Category: Computer Software

City: Kenilworth, NJ

Merck & Co., Inc. Kenilworth, N.J., U.S.A. known as Merck in the United States and Canada, is a global health care leader with a diversified portfolio of prescription medicines, vaccines and animal health products. The difference between potential and achievement lies in the spark that fuels innovation and inventiveness; this is the space where Merck has codified its legacy for over a century. Merck’s success is backed by ethical integrity, forward momentum, and an inspiring mission to achieve new milestones in global healthcare.

Merck is on a quest for cures and is committed to being the world’s premier, most research-intensive biopharmaceutical company. Today, we’re doubling down on this goal. Merck Research Laboratories is a true scientific research facility of tomorrow, and will take Merck’s leading discovery capabilities and world-class small molecule and biologics R&D expertise to create breakthrough science that radically changes the way we approach serious diseases.

Under the guidance of the head of the Global Regulatory Affairs CMC Change Control Team, the Associate Director will on-board and lead a team of ~5-10 staff responsible for the integrated delivery of CMC submissions in alignment with program objectives by supporting the planning, preparation, and release of regulatory submissions and administering associated Global Regulatory Affairs CMC systems and process maintenance.

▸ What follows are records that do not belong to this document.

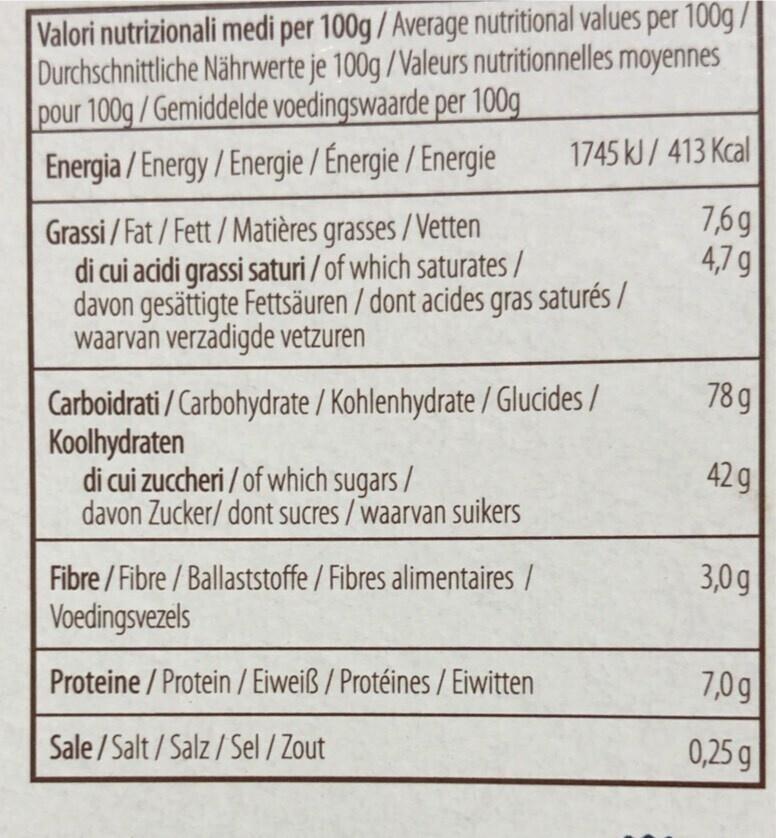
Valori nutrizionali medi per 100g / Average nutritional values per 100g/ Durchschnittliche Nährwerte je 100g / Valeurs nutritionnelles moyennes pour 100g/Gemiddelde voedingswaarde per 100g
Energia/Energy/Energie
/ Énergie / Energie
1745 kJ/ 413 Kcal
7,6g
4,7 g
Grassi/Fat/Fett/Matières
grasses/Vetten
di cui acidi grassi saturi / of which saturates / davon gesättigte Fettsäuren / dont acides gras saturés / waarvan verzadigde vetzuren
Carboidrati/Carbohydrate / Kohlenhydrate / Glucides/ Koolhydraten
di cui zuccheri / of which sugars/ davon Zucker/ dont sucres / waarvan suikers
Fibre/Fibre/Ballaststoffe / Fibres alimentaires / Voedingsvezels
Proteine/Protein / Eiweiß / Protéines / Eiwitten
Sale/Salt/Salz/Sel / Zout
78 g
42 g
3,0g
7,0g
0,25 g
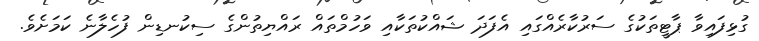
ގުޅިފައިވާ ޕާޓީތަކުގެ ސަރުކާރެއްގައި އެފަދަ ޝައްކުތަކާއި ވަހުމްތައް ރައްޔިތުންގެ ސިކުނޑިން ފުހެލާނެ ކަމަށެވެ.
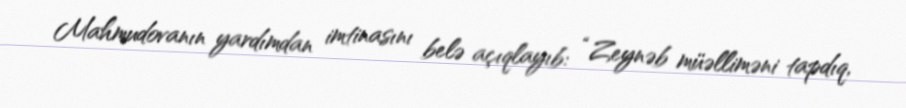
Mahmudovanın yardımdan imtinasını belə açıqlayıb: “Zeynəb müəlliməni tapdıq,
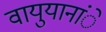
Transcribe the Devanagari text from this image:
वायुयानांे
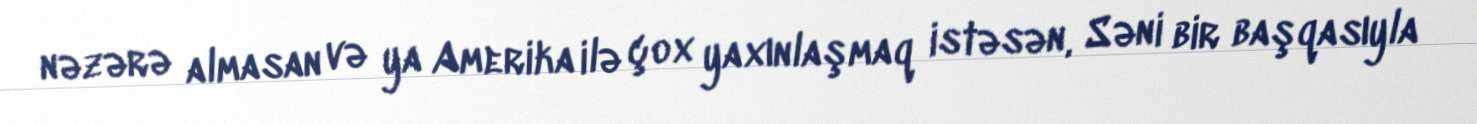
nəzərə almasan və ya Amerika ilə çox yaxınlaşmaq istəsən, Səni bir başqasıyla
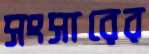
সংসারের
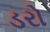
ડરો
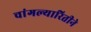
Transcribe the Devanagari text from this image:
चांगल्यारितीने
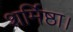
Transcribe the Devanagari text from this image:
शर्मिष्ठा।
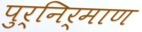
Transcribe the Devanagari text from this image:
पुर्निर्माण
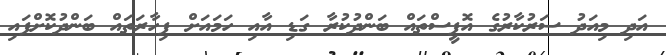
އަދި މިއަދު ސަރުކާރުގެ އޮފީސްތައް ބަންދުކުރާ ގަޑި އާއި ހަަމައަށް ފިހާރަތައް ބަންދުކޮށްފައި
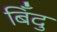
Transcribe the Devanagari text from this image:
बिँदु
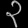
Digit: ၃
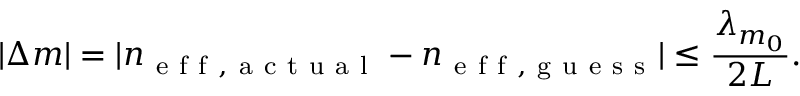
| \Delta m | = | n _ { \mathrm { ~ e ~ f ~ f ~ , ~ a ~ c ~ t ~ u ~ a ~ l ~ } } - n _ { \mathrm { ~ e ~ f ~ f ~ , ~ g ~ u ~ e ~ s ~ s ~ } } | \leq \frac { \lambda _ { m _ { 0 } } } { 2 L } .
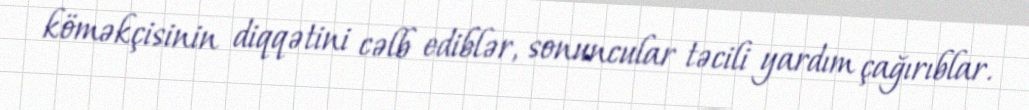
köməkçisinin diqqətini cəlb ediblər, sonuncular təcili yardım çağırıblar.
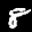
Label: 8
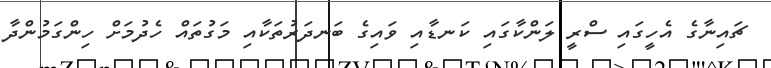
ޗައިނާގެ އެހީގައި ސްރީ ލަންކާގައި ކަނޑާއި ވައިގެ ބަނދަރުތަކާއި މަގުތައް ހެދުމަށް ހިންގަމުންދާ
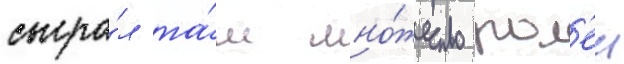
сыгра́л та́м мно́жество рол'еи
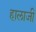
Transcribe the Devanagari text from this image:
हालाजी

The team is responsible to support progression of select pre-approval or post-approval CMC submission types from authorization, regulatory impact assessment, project definition, execution and implementation by managing detailed CMC timelines and content deliverables in partnership with global CMC product teams. The incumbent will collaborate with the broader Global Regulatory Affairs organization to develop and promote use of standard processes and systems to ensure CMC dossier conformance.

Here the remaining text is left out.